[[ RECORDS TO PROCESS open ]]
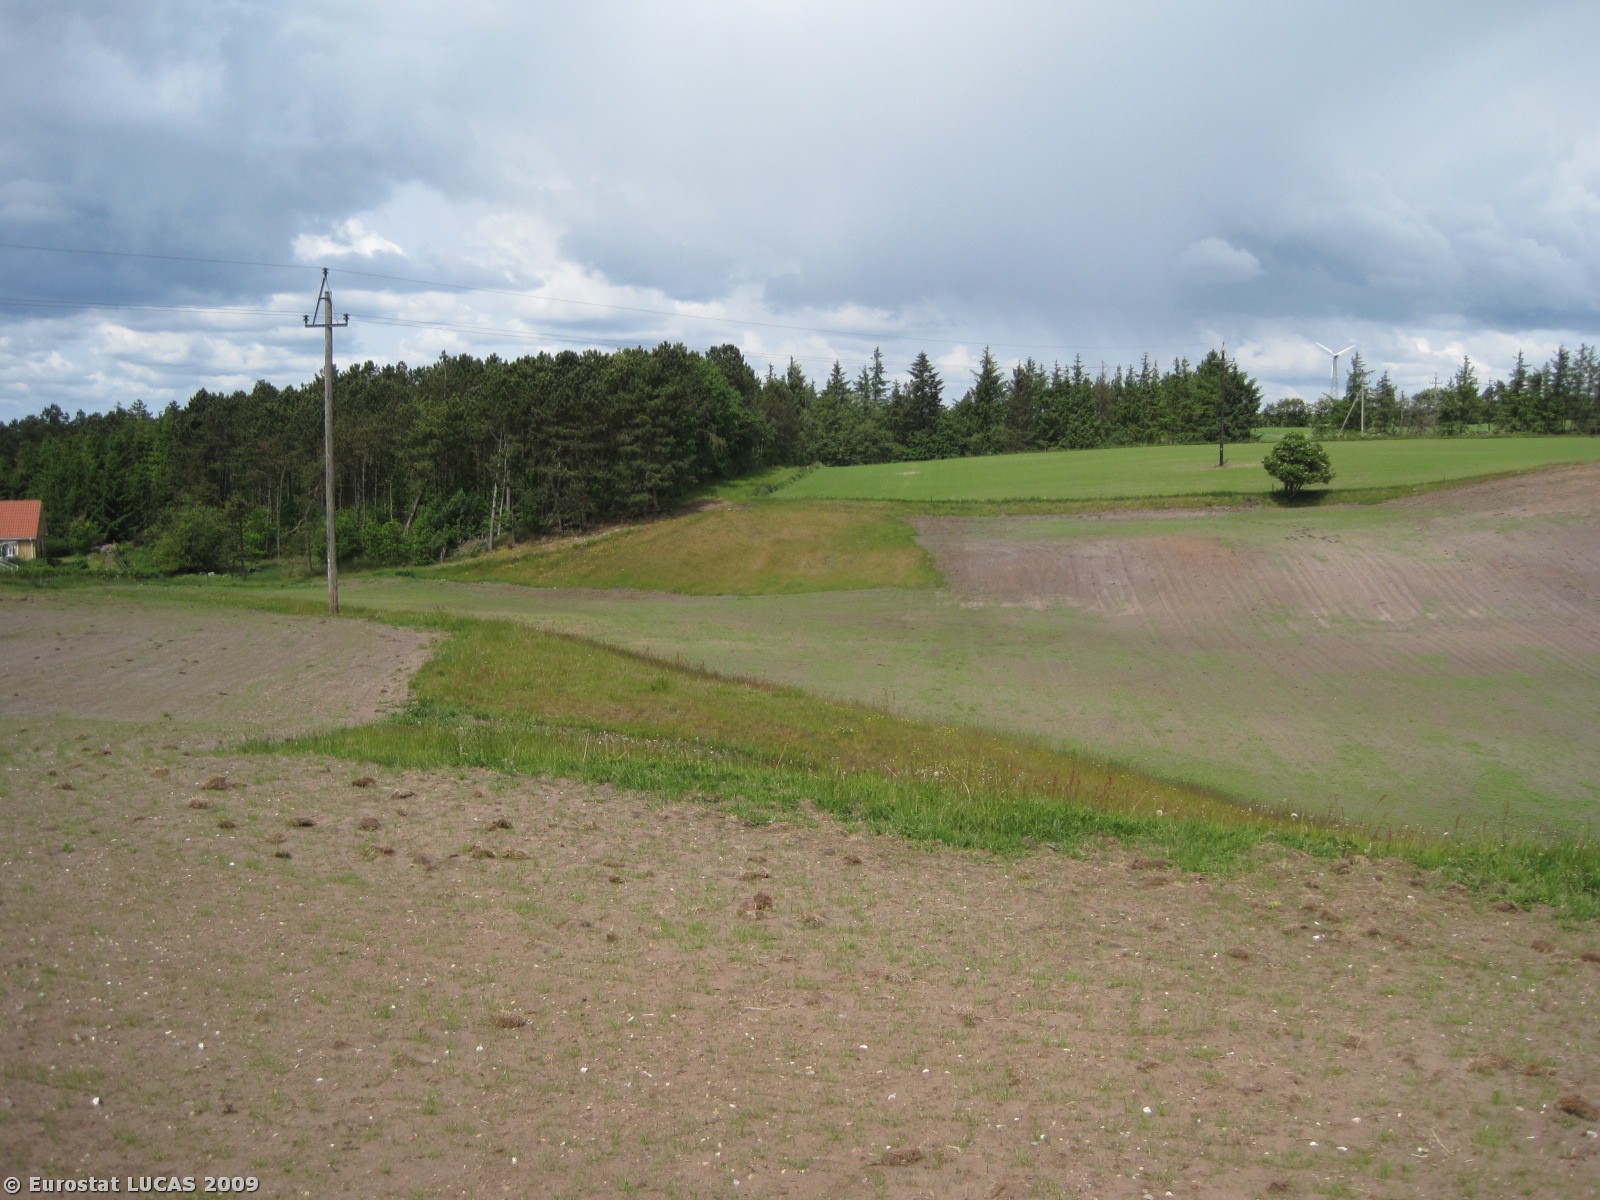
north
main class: Cropland
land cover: Common wheat
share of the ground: < 10 %
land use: Agriculture (excluding fallow land and kitchen gardens)
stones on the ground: 10 - 25 %
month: June
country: DK
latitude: 56.8885
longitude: 9.6886
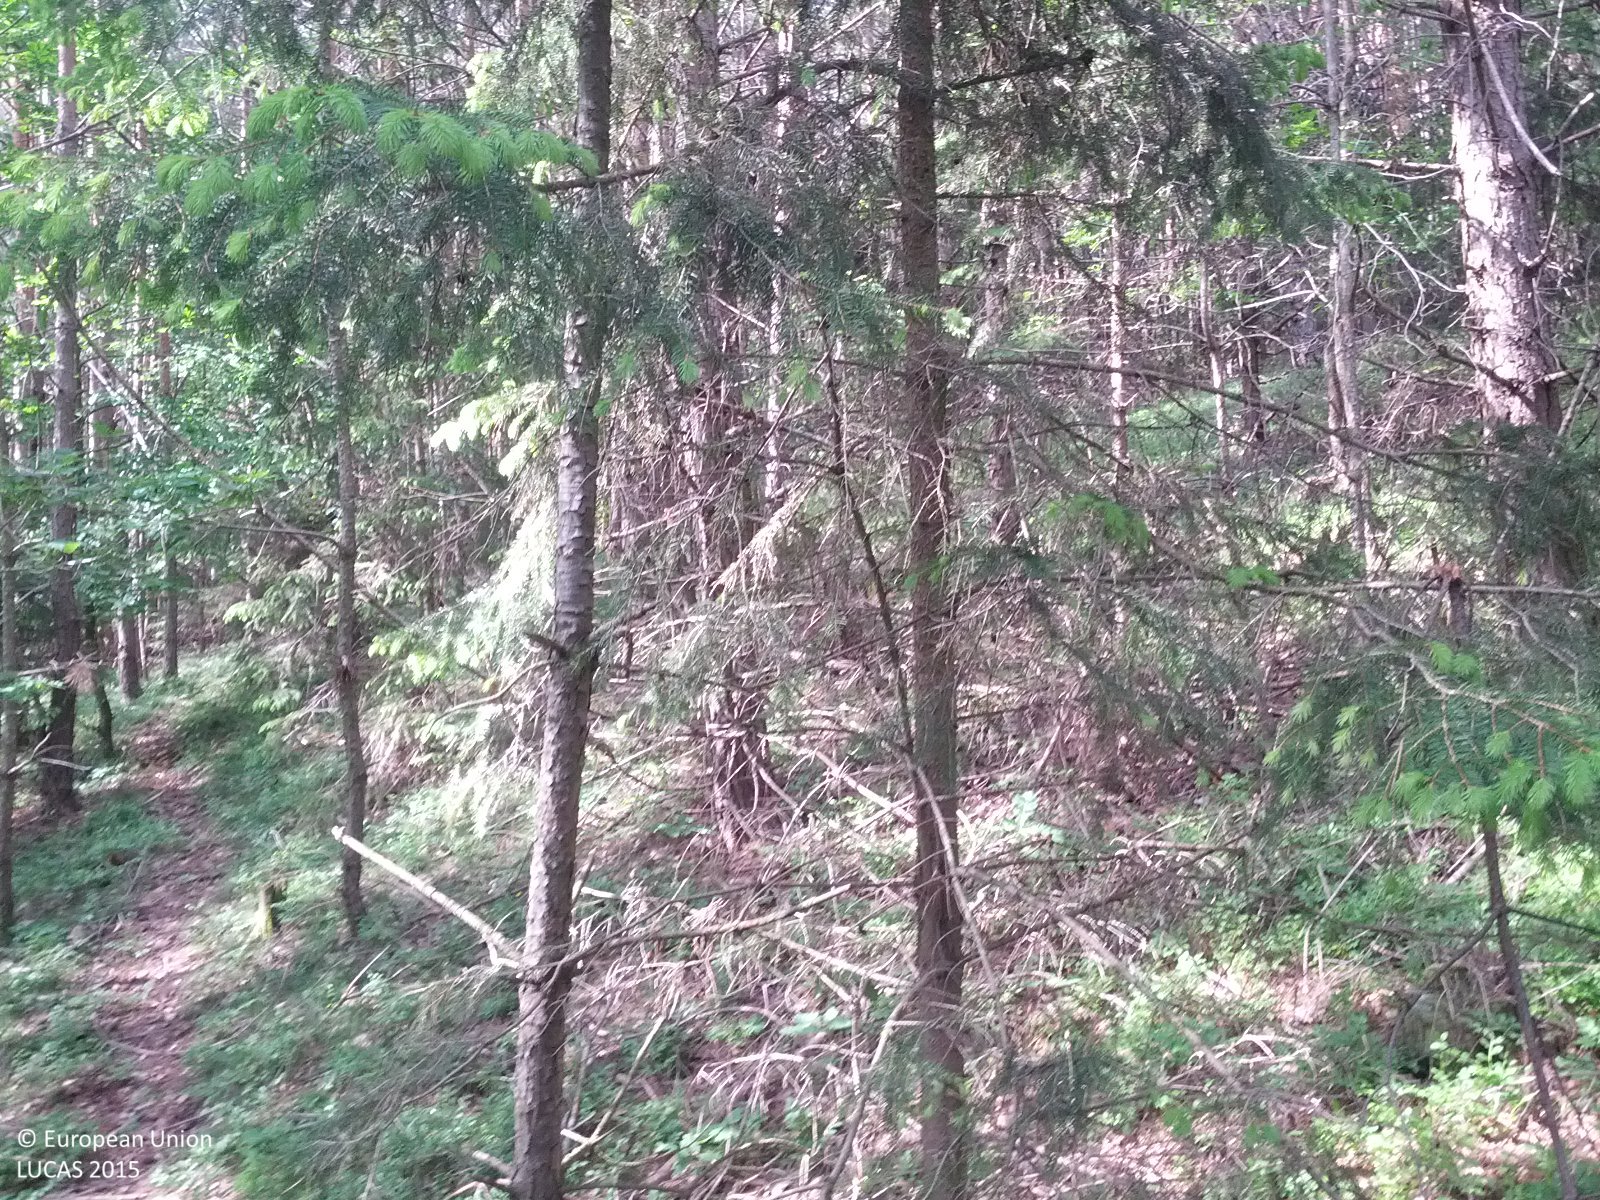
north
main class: Woodland
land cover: Pine dominated mixed woodland
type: boreal forest
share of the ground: > 75 %
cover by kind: coniferous forest trees 50 %, broadleaved forest trees 25 %, shrubs 20 %, herbaceous plants 5 %
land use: Forestry
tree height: > 5 m
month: May
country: AT
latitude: 47.4013
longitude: 16.1639
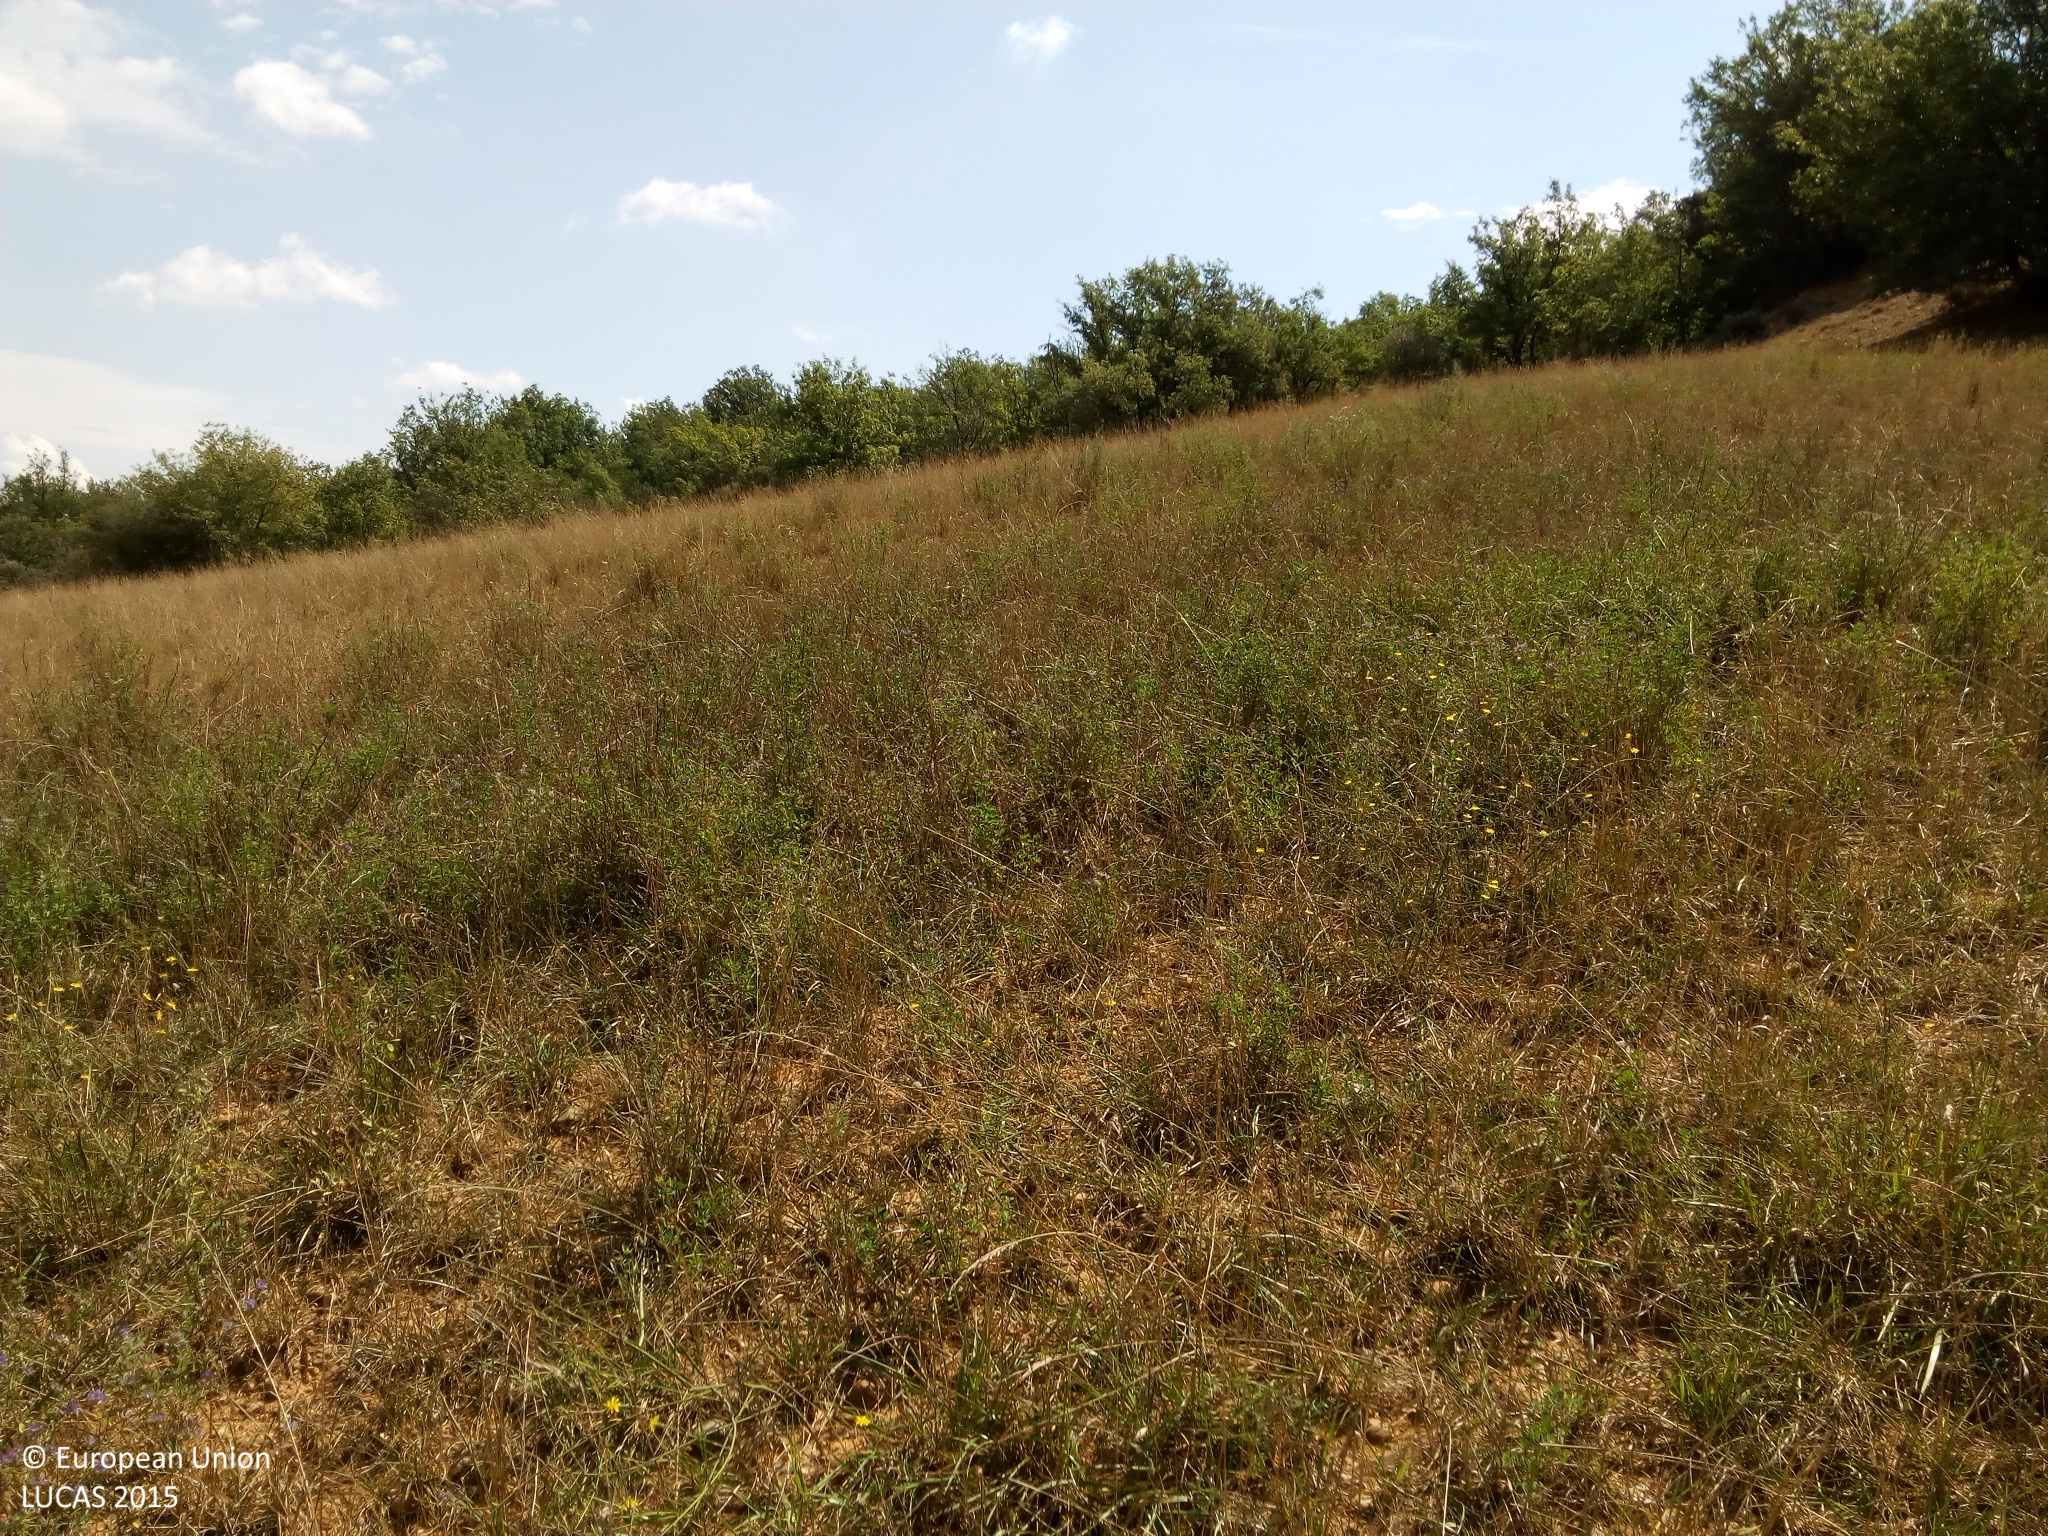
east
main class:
[[ RECORDS TO PROCESS closed ]]
• _WHAT YOU ARE ASKED TO DO_
Leaving the pictures out, output each line of the listing exactly.

• _WRITTEN REPLY_
north
main class: Cropland
land cover: Common wheat
share of the ground: < 10 %
land use: Agriculture (excluding fallow land and kitchen gardens)
stones on the ground: 10 - 25 %
month: June
country: DK
latitude: 56.8885
longitude: 9.6886
north
main class: Woodland
land cover: Pine dominated mixed woodland
type: boreal forest
share of the ground: > 75 %
cover by kind: coniferous forest trees 50 %, broadleaved forest trees 25 %, shrubs 20 %, herbaceous plants 5 %
land use: Forestry
tree height: > 5 m
month: May
country: AT
latitude: 47.4013
longitude: 16.1639
east
main class:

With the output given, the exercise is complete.